Returning to Arkansas, Rust received a commission as colonel on July 5, 1861, and assisted Van H. Manning in recruiting and organizing the 3d Arkansas Infantry Regiment. The Third Arkansas would become Arkansas's most celebrated Civil War regiment and the only Arkansas regiment to be permanently assigned to General Robert E. Lee's Army of Northern Virginia. In the fall of 1861, Rust and the Third Arkansas traveled to Western Virginia and took part in the Battle of Cheat Mountain under Lee. During that winter, he and the regiment were under the command of General Stonewall Jackson.
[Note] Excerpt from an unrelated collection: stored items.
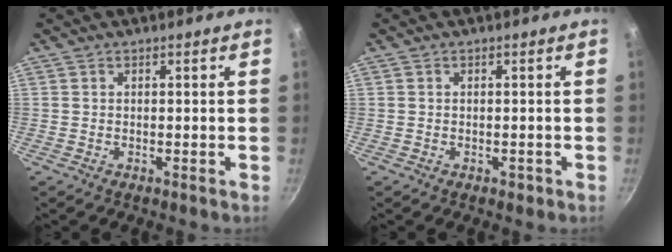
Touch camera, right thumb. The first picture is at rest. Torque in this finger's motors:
{"motor_torque": [-0.03, 0.20, -0.51, 0.21, -0.01]}
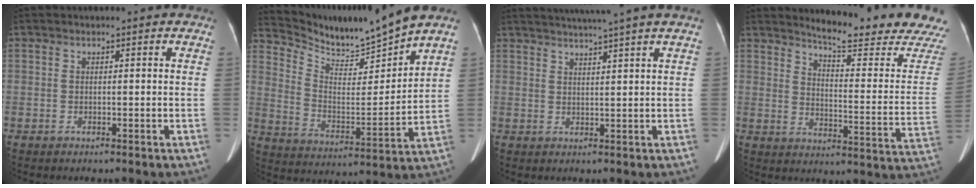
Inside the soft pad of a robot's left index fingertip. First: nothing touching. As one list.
[{"total": 10.8, "force": [10.5, -1.5, 1.8], "torque": [-0.055, -0.024, 0.204]}, {"total": 8.4, "force": [7.0, -2.0, 4.1], "torque": [-0.059, 0.010, 0.094]}, {"total": 19.5, "force": [18.5, -0.4, 6.1], "torque": [-0.093, -0.122, 0.220]}]
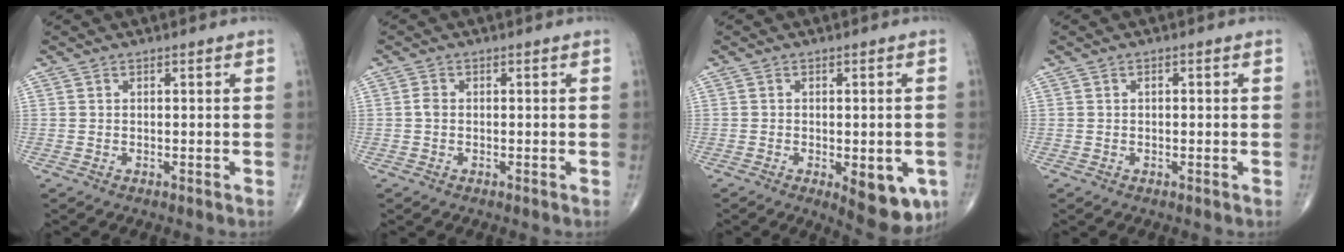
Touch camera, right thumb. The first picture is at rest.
{"total": 1.2, "force": [-0.2, 0.9, 0.8], "torque": [-0.013, 0.001, -0.005]}
{"total": 9.6, "force": [-3.2, 3.9, 8.1], "torque": [-0.084, -0.007, -0.033]}
{"total": 0.8, "force": [0.1, 0.4, 0.6], "torque": [-0.009, 0.002, 0.000]}
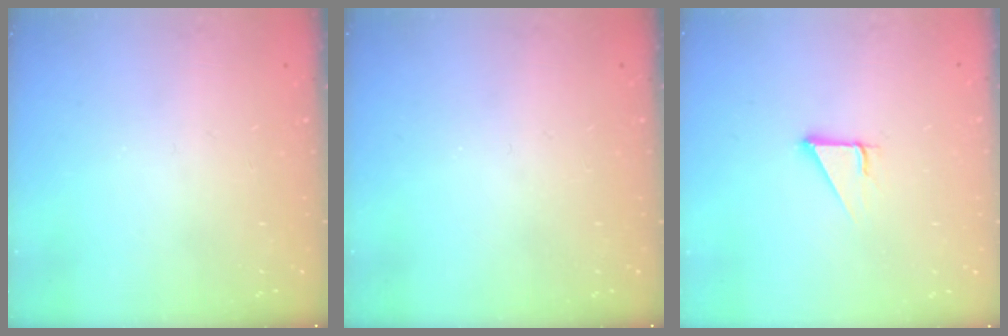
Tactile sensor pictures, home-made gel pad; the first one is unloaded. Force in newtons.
{"total": 0.0}
{"total": 2.9, "press": 2.9, "slide": 0.1}
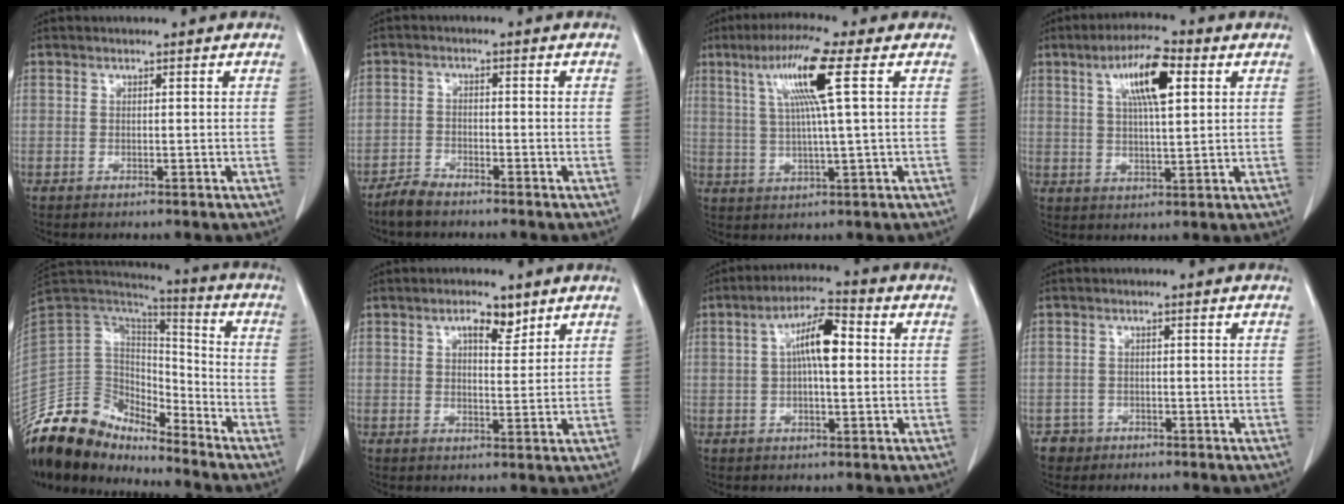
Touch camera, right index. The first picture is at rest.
{"total": 3.1, "force": [-2.9, 0.6, 1.0], "torque": [-0.020, -0.005, -0.057]}
{"total": 9.7, "force": [3.4, -1.0, 9.0], "torque": [-0.170, 0.015, 0.065]}
{"total": 9.2, "force": [3.5, 1.9, 8.3], "torque": [-0.147, 0.013, 0.060]}
{"total": 16.0, "force": [-14.2, 6.2, 3.9], "torque": [-0.064, 0.062, -0.263]}
{"total": 3.9, "force": [2.4, 1.5, 2.7], "torque": [-0.043, 0.002, 0.038]}
{"total": 7.6, "force": [1.1, 1.9, 7.2], "torque": [-0.134, 0.022, 0.014]}
{"total": 3.4, "force": [-2.3, 2.5, -0.7], "torque": [0.014, 0.010, -0.042]}

They would go on to serve in almost every major battle fought in the east, including the Battle of Gettysburg, although mostly after Rust's promotion and transfer from the regiment.

On March 4, 1862, Rust was promoted to brigadier-general and transferred back to Arkansas, where he was assigned to Lieutenant-General Earl Van Dorn's Army of the West. He led troops at the Battle of Hill's Plantation in July 1862. After the Battle of Pea Ridge, most Confederate States forces were removed from Arkansas and transferred east of the Mississippi River.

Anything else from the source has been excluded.